Elective Home Education is the parental choice, made under Section 7 of the Education Act 1996, to deregister a child from school and take on responsibility for educating them at home. The key word is "elective" — it is a voluntary decision made by the parent.
When a parent chooses EHE, the local authority's duty to secure the special educational provision set out in Section F of the EHCP is legally suspended. The parent has, in effect, assumed full financial and operational responsibility for their child's education. This means the LA no longer needs to fund or arrange the Speech and Language Therapy, Occupational Therapy, specialist tuition, or any other provision previously written into the plan.
Many parents choose EHE in desperation — their child cannot cope in any available school setting, and they feel they have no other option. This is exactly the situation where local authorities sometimes gently suggest EHE, effectively removing themselves from funding obligations while appearing supportive.
What Is EOTAS (Education Otherwise Than At School)?
EOTAS is an entirely separate statutory arrangement, governed by Section 61 of the Children and Families Act 2014. It is not a parental choice — it is a local authority decision and duty.
Under Section 61, if a local authority accepts that it would be "inappropriate" for a child or young person's special educational provision to be made in a school setting, the EHCP must reflect that.
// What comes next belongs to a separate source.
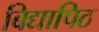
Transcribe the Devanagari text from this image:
बिद्यापिठ
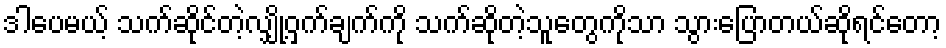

The LA is then required to arrange and fund the entire bespoke educational package — typically delivered in the home or community — itself.
The key distinction: under EOTAS, the LA retains absolute legal and financial responsibility. It must arrange and fund the package. The parent does not pay for it, arrange it, or take on the administrative burden of commissioning provision.
When Does "Inappropriate for School" Apply?
The threshold for EOTAS is genuinely met in cases where:
- A child has such severe anxiety, trauma, or sensory processing differences that any school environment — including specialist — would cause them significant harm
- There is no suitable specialist school placement available within a reasonable distance
- A child has a serious physical health condition that makes school attendance medically unsafe
- A child has experienced school-related trauma severe enough that reintegration would cause further psychological damage before adequate recovery
The SEND Code of Practice and case law make clear that "inappropriate" is not a high bar requiring certainty. If there is a genuine question about whether a school setting is appropriate, the LA should be exploring EOTAS.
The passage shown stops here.